BOTTLING LIQUORS. Here the first thing to be attended to is, to see that the bottles be perfectly clean and dry; if wet, they will spoil the liquor, and make it turn mouldy. Then, though the bottles should be clean and dry, yet if the corks be not new and sound, the liquor will be damaged; for if the air can by any means penetrate, the liquor will grow flat, and never rise. As soon as a cask of liquor begins to grow vapid, and to lose its briskness, while it is on the tap, it should be drawn off immediately into bottles; and in order to quicken it, put a piece of loaf sugar into every bottle, about the size of a walnut. To forward the ripening, wrap the bottles in hay, and set them in a warm place; straw will not answer the purpose. When ale is to be bottled, it will be an improvement to add a little rice, a few raisins, or a tea-spoonful of moist sugar to each bottle. In the summer time, if table beer is bottled as soon as it has done working, it will soon become brisk, and make a very pleasant and refreshing drink.

BOTTLED CURRANTS. See that the bottles be perfectly clean and dry, and let the fruit be gathered quite ripe, and when the weather is dry. The currants should be cut from the large stalks, with the smallest bit of stalk to each, and care taken not to wound the fruit, that none of the moisture may escape. It would be best indeed to cut them under the trees, and let them drop gently into the bottles. Stop up the bottles with cork and rosin, and trench them in the garden with the neck downwards: sticks should be placed opposite to where each sort of fruit begins. Cherries and damsons may be kept in the same way.

BOTTLED GOOSEBERRIES. Pick some smooth gooseberries before they are quite full grown, put them into gooseberry bottles lightly corked, and set them up to their necks in a copper of cold water. Put a little hay round the bottles to prevent their breaking, make a fire under them, and let the heat increase gradually; let them simmer ten minutes, but not boil. Take out the fire, and let them remain in the copper till cold. Then take them out, dry the bottles, rosin down the corks close, and set them in dry saw-dust with their necks downward.

BRAISING. To braise any kind of meat, put it into a stewpan, and cover it with fat bacon. Then add six or eight onions, a bundle of herbs, carrots, celery, any bones or trimmings of meat or fowls, and some stock. The bacon must be covered with white paper, and the lid of the pan must be kept close. Set it on a slow stove; and according to what the meat is, it will require two or three hours. The meat is then to be taken out, the gravy nicely skimmed, and set on to boil very quick till it is thick. The meat is to be kept hot; and if larded, put into the oven for a few minutes. Then put the jelly over it, which is called glazing, and is used for ham, tongue, andvarious made-dishes. White wine is added to some glazing. The glaze should be of beautiful clear yellow brown, and it is best put on with a nice brush.

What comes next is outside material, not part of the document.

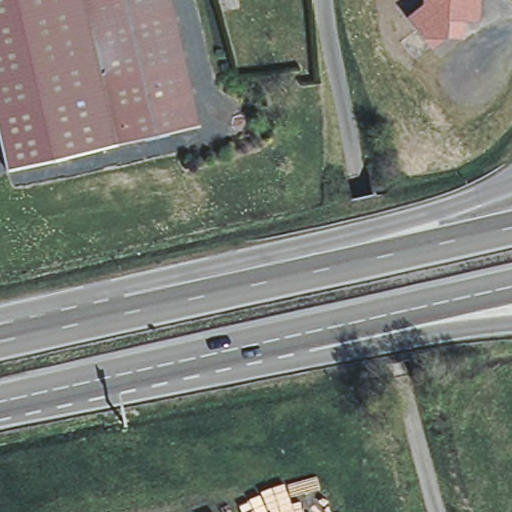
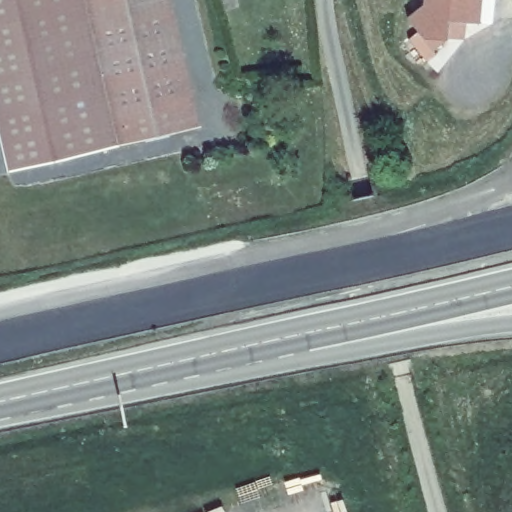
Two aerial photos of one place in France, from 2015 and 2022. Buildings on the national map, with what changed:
unchanged [(84,0),(117,146),(81,154),(6,152),(0,124),(0,0),(84,0)]
unchanged [(117,146),(84,0),(174,0),(203,126),(117,146)]
unchanged [(464,17),(463,34),(446,31),(432,43),(406,13),(421,0),(480,0),(479,18),(464,17)]

BRAISED CHICKENS. Bone them, and fill them with forcemeat. Lay the bones and any other poultry trimmings into a stewpan, and the chickens on them. Put to them a few onions, a handful of herbs, three blades of mace, a pint of stock, and a glass or two of sherry. Cover the chickens with slices of bacon, and then white paper; cover the whole close, and put them on a slow stove for two hours. Then take them up, strain the braise, and skim off the fat carefully: set it on to boil very quick to a glaze, and lay it over the chicken with a brush. Before glazing, put the chicken into an oven for a few minutes, to give it a colour. Serve with a brown fricassee of mushrooms.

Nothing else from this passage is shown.